Hand back the entries exactly as written, minus every picture.
------------------------------------
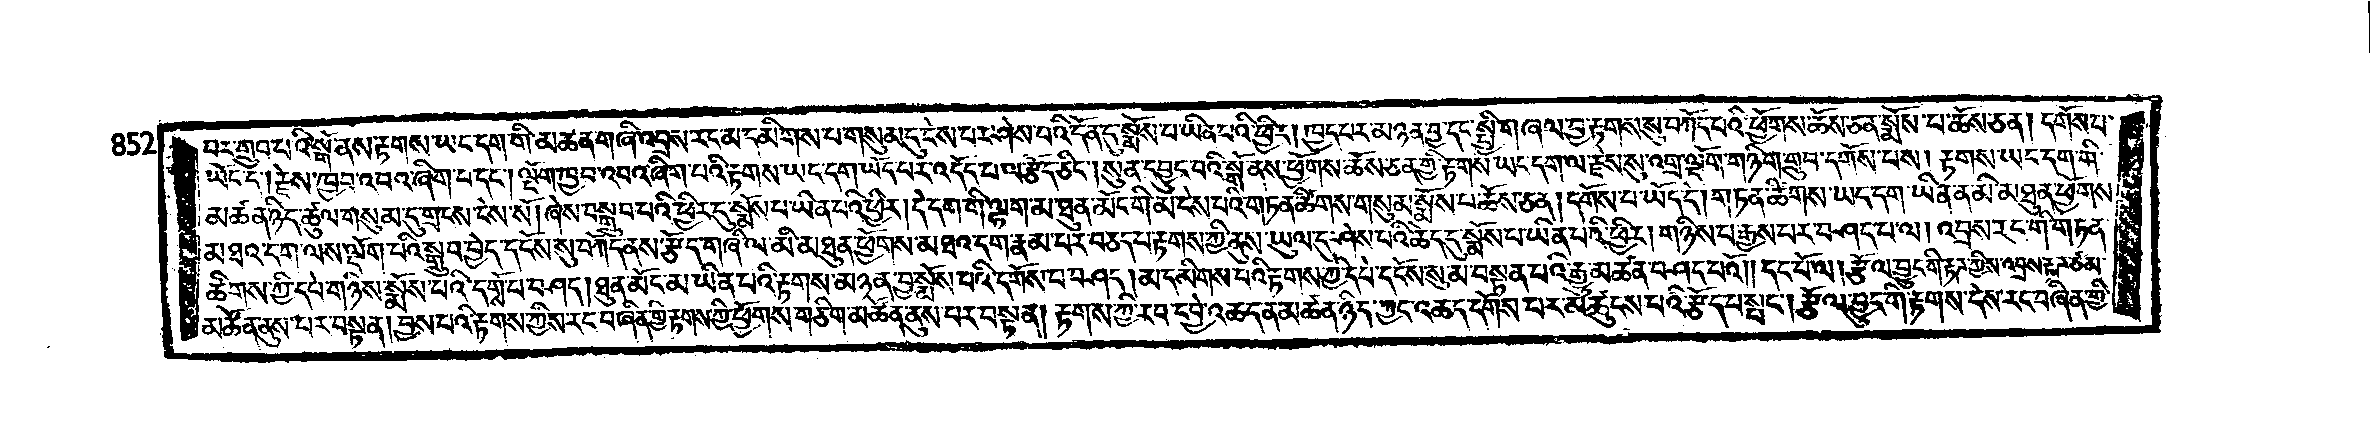བར་གྲུབ་པའི་སྒོ་ནས་རྟགས་ཡང་དག་གི་མཚན་གཞི་འབྲས་རང་མ་དམིགས་པ་གསུམ་དུ་ངེས་པར་ཤེས་པའི་དོན་དུ་སྨོས་པ་ཡིན་པའི་ཕྱིར། ཁྱད་པར་མཉན་བྱ་དང་སྤྱི་གཞལ་བྱ་རྟགས་སུ་བཀོད་པའི་ཕྱོགས་ཆོས་ཅན་སྨོས་པ་ཆོས་ཅན། དགོས་པ་
ཡོད་དེ། རྗེས་ཁྱབ་འབའ་ཞིག་པ་དང་། ལྡོག་ཁྱབ་འབའ་ཞིག་པའི་རྟགས་ཡང་དག་ཡོད་པར་འདོད་པ་ལ་རྩོད་ཅིང་། སུན་དབྱུང་བའི་སྒོ་ནས་ཕྱོགས་ཆོས་ཅན་གྱི་རྟགས་ཡང་དག་ལ་རྗེས་སུ་འགྲོ་ལྡོག་གཉི་ག་གྲུབ་དགོས་པས། རྟགས་ཡང་དག་གི་
མཚན་ཉིད་ཚུལ་གསུམ་དུ་གྲངས་ངེས་སོ། ཞེས་བསྒྲུབ་པའི་ཕྱིར་དུ་སྨོས་པ་ཡིན་པའི་ཕྱིར། དེ་དག་གི་ལྷག་མ་ཐུན་མོང་གི་མ་ངེས་པའི་གཏན་ཚིགས་གསུམ་སྨོས་པ་ཆོས་ཅན། དགོས་པ་ཡོད་དེ། གཏན་ཚིག་ཡང་དག་ན་མི་མཐུན་ཕྱོགས་
མཐའ་དག་ལས་ལྡོག་པའི་སྒྲུབ་བྱེད་དངོས་སུ་བཀོད་ནས་རྩོད་གཞི་ལ་མི་མཐུན་ཕྱོགས་མཐའ་དག་རྣམ་པར་བཅད་པ་རྟགས་ཀྱི་ནུས་ཡུལ་དུ་ཤེས་པའི་ཆེད་དུ་སྨོས་པ་ཡིན་པའི་ཕྱིར། གཉིས་པ་རྒྱས་པར་བཤད་པ་ལ། འབྲས་རང་གི་གཏན་
ཚིགས་ཀྱི་དཔེ་གཉིས་སྨོས་པའི་དགོས་པ་བཤད། ཐུན་མོང་མ་ཡིན་པའི་རྟགས་མཉན་བྱ་སྨོས་པའི་དགོས་པ་བཤད། མ་དམིགས་པའི་རྟགས་ཀྱི་དཔེ་དངོས་སུ་མ་བསྟན་པའི་རྒྱུ་མཚན་བཤད་པའོ། །དང་པོ་ལ། རྩོལ་བྱུང་གི་རྟགས་ཀྱིས་འབྲས་རྟགས་ཙམ་
མཚོན་ནུས་པར་བསྟན། བྱས་པའི་རྟགས་ཀྱིས་རང་བཞིན་གྱི་རྟགས་ཀྱི་ཕྱོགས་གཅིག་མཚོན་ནུས་པར་བསྟན། རྟགས་ཀྱི་རབ་དབྱེ་འཆད་ན་མཚན་ཉིད་ཀྱང་། འཆད་དགོས་པར་མཚུངས་པའི་རྩོད་པ་སྤང་། རྩོལ་བྱུང་གི་རྟགས་དེས་རང་བཞིན་གྱི་
------------------------------------
▶ **Solution to the exercise**
བར་གྲུབ་པའི་སྒོ་ནས་རྟགས་ཡང་དག་གི་མཚན་གཞི་འབྲས་རང་མ་དམིགས་པ་གསུམ་དུ་ངེས་པར་ཤེས་པའི་དོན་དུ་སྨོས་པ་ཡིན་པའི་ཕྱིར། ཁྱད་པར་མཉན་བྱ་དང་སྤྱི་གཞལ་བྱ་རྟགས་སུ་བཀོད་པའི་ཕྱོགས་ཆོས་ཅན་སྨོས་པ་ཆོས་ཅན། དགོས་པ་
ཡོད་དེ། རྗེས་ཁྱབ་འབའ་ཞིག་པ་དང་། ལྡོག་ཁྱབ་འབའ་ཞིག་པའི་རྟགས་ཡང་དག་ཡོད་པར་འདོད་པ་ལ་རྩོད་ཅིང་། སུན་དབྱུང་བའི་སྒོ་ནས་ཕྱོགས་ཆོས་ཅན་གྱི་རྟགས་ཡང་དག་ལ་རྗེས་སུ་འགྲོ་ལྡོག་གཉི་ག་གྲུབ་དགོས་པས། རྟགས་ཡང་དག་གི་
མཚན་ཉིད་ཚུལ་གསུམ་དུ་གྲངས་ངེས་སོ། ཞེས་བསྒྲུབ་པའི་ཕྱིར་དུ་སྨོས་པ་ཡིན་པའི་ཕྱིར། དེ་དག་གི་ལྷག་མ་ཐུན་མོང་གི་མ་ངེས་པའི་གཏན་ཚིགས་གསུམ་སྨོས་པ་ཆོས་ཅན། དགོས་པ་ཡོད་དེ། གཏན་ཚིག་ཡང་དག་ན་མི་མཐུན་ཕྱོགས་
མཐའ་དག་ལས་ལྡོག་པའི་སྒྲུབ་བྱེད་དངོས་སུ་བཀོད་ནས་རྩོད་གཞི་ལ་མི་མཐུན་ཕྱོགས་མཐའ་དག་རྣམ་པར་བཅད་པ་རྟགས་ཀྱི་ནུས་ཡུལ་དུ་ཤེས་པའི་ཆེད་དུ་སྨོས་པ་ཡིན་པའི་ཕྱིར། གཉིས་པ་རྒྱས་པར་བཤད་པ་ལ། འབྲས་རང་གི་གཏན་
ཚིགས་ཀྱི་དཔེ་གཉིས་སྨོས་པའི་དགོས་པ་བཤད། ཐུན་མོང་མ་ཡིན་པའི་རྟགས་མཉན་བྱ་སྨོས་པའི་དགོས་པ་བཤད། མ་དམིགས་པའི་རྟགས་ཀྱི་དཔེ་དངོས་སུ་མ་བསྟན་པའི་རྒྱུ་མཚན་བཤད་པའོ། །དང་པོ་ལ། རྩོལ་བྱུང་གི་རྟགས་ཀྱིས་འབྲས་རྟགས་ཙམ་
མཚོན་ནུས་པར་བསྟན། བྱས་པའི་རྟགས་ཀྱིས་རང་བཞིན་གྱི་རྟགས་ཀྱི་ཕྱོགས་གཅིག་མཚོན་ནུས་པར་བསྟན། རྟགས་ཀྱི་རབ་དབྱེ་འཆད་ན་མཚན་ཉིད་ཀྱང་། འཆད་དགོས་པར་མཚུངས་པའི་རྩོད་པ་སྤང་། རྩོལ་བྱུང་གི་རྟགས་དེས་རང་བཞིན་གྱི་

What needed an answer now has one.